Dataset excerpts:
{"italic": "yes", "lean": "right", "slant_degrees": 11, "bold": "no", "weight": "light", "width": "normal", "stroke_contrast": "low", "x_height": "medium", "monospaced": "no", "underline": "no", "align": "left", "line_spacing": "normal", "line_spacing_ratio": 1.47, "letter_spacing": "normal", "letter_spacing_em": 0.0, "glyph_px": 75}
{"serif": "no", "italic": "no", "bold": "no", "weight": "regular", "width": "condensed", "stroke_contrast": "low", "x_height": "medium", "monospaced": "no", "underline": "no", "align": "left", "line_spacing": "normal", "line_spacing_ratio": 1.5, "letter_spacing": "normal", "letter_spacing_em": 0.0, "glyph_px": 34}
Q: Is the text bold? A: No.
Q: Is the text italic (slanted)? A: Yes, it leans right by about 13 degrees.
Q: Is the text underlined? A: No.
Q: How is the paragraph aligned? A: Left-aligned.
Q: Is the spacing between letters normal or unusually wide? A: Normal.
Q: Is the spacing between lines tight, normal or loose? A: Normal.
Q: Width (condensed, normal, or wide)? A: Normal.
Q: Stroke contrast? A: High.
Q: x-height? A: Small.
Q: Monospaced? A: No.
* * *
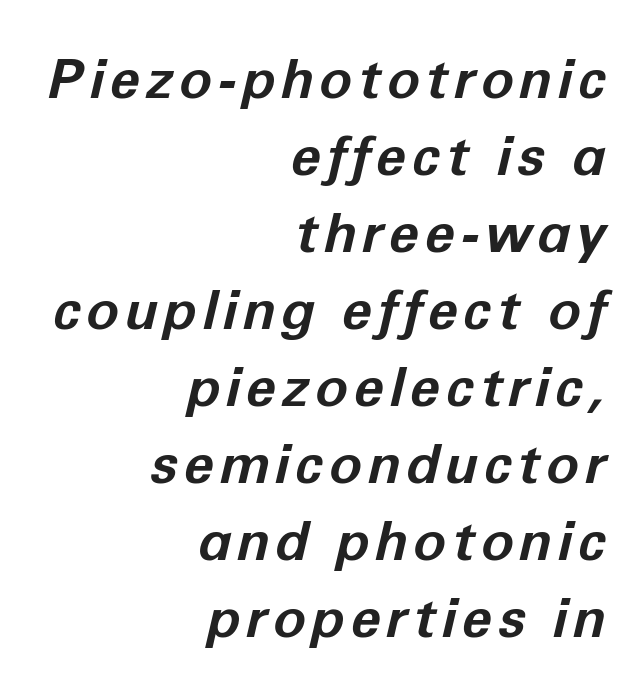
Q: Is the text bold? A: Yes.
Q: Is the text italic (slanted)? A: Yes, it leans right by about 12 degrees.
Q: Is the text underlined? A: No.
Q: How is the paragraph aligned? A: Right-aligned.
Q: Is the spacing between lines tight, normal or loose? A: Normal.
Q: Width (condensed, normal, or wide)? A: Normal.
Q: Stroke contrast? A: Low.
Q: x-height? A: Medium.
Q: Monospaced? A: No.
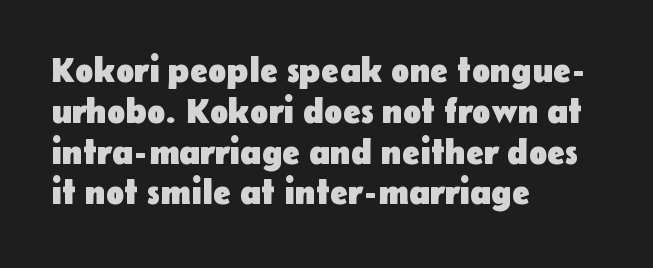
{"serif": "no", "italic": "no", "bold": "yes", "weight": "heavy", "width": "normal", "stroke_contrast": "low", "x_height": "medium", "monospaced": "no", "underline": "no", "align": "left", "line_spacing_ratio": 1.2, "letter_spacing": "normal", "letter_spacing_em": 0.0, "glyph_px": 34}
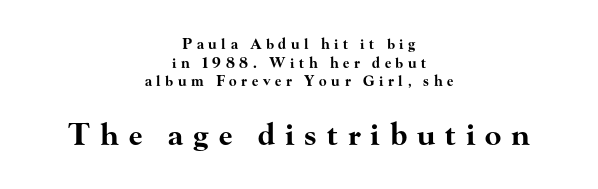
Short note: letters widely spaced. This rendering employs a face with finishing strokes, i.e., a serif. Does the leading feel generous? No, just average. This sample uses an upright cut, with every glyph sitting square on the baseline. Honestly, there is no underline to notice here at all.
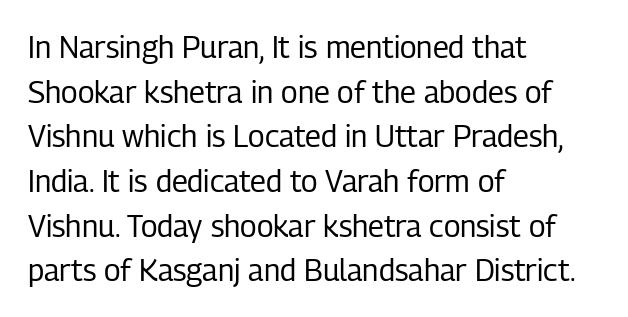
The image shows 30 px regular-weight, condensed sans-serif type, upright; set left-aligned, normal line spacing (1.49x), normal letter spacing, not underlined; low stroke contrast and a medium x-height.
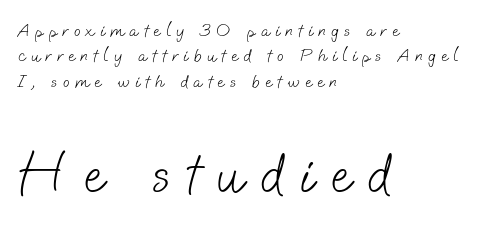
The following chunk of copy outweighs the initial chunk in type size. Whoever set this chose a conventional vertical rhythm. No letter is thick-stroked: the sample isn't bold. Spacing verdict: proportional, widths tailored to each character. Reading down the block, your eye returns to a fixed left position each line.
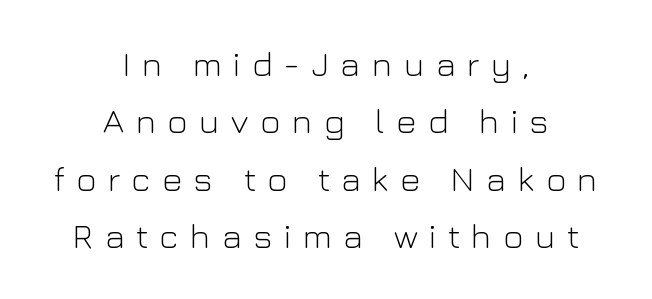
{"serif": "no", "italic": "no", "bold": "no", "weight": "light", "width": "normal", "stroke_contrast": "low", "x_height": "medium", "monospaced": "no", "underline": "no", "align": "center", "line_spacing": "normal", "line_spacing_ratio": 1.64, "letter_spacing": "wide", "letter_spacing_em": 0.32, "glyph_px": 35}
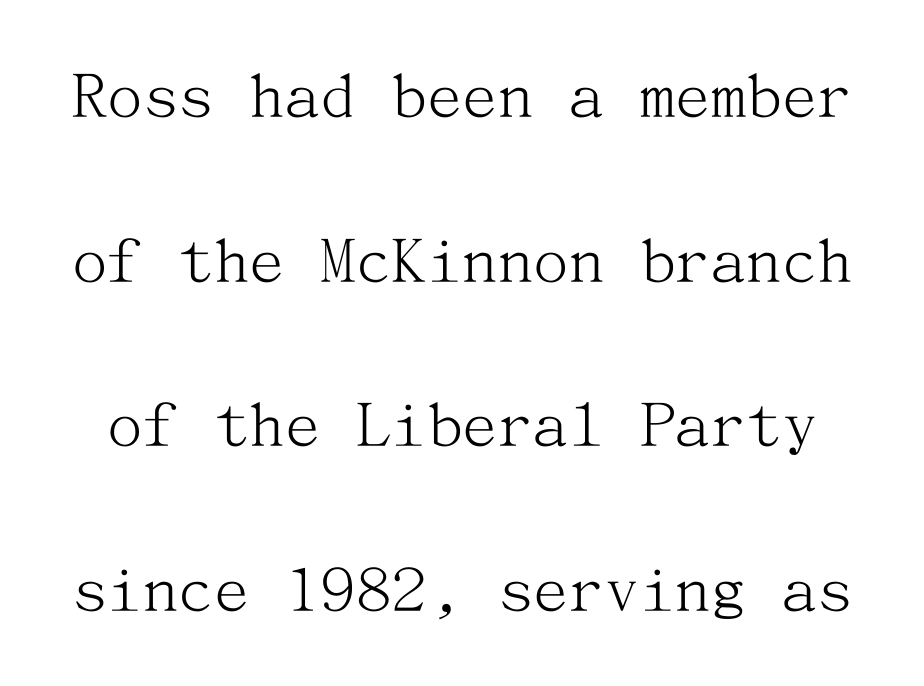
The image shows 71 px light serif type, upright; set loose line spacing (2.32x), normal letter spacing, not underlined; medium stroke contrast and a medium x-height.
--
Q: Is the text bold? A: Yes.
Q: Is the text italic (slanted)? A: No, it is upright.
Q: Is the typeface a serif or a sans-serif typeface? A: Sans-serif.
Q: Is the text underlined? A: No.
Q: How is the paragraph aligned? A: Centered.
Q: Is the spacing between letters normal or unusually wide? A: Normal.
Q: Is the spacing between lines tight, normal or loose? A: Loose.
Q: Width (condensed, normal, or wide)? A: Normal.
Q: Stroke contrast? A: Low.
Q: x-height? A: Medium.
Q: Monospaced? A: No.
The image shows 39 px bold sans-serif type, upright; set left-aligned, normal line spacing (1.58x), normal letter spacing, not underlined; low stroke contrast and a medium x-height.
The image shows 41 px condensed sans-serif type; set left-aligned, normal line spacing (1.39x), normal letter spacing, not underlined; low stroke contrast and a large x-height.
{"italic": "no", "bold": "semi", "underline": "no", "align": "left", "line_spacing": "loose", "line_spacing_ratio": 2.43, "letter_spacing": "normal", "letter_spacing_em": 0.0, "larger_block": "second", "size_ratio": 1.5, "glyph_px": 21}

[Work task]:
Your answer should be the lines of the records that include the word "slanted".

[Exercise solution]:
Q: Is the text italic (slanted)? A: Yes, it leans right by about 13 degrees.
Q: Is the text italic (slanted)? A: Yes, it leans right by about 12 degrees.
Q: Is the text italic (slanted)? A: No, it is upright.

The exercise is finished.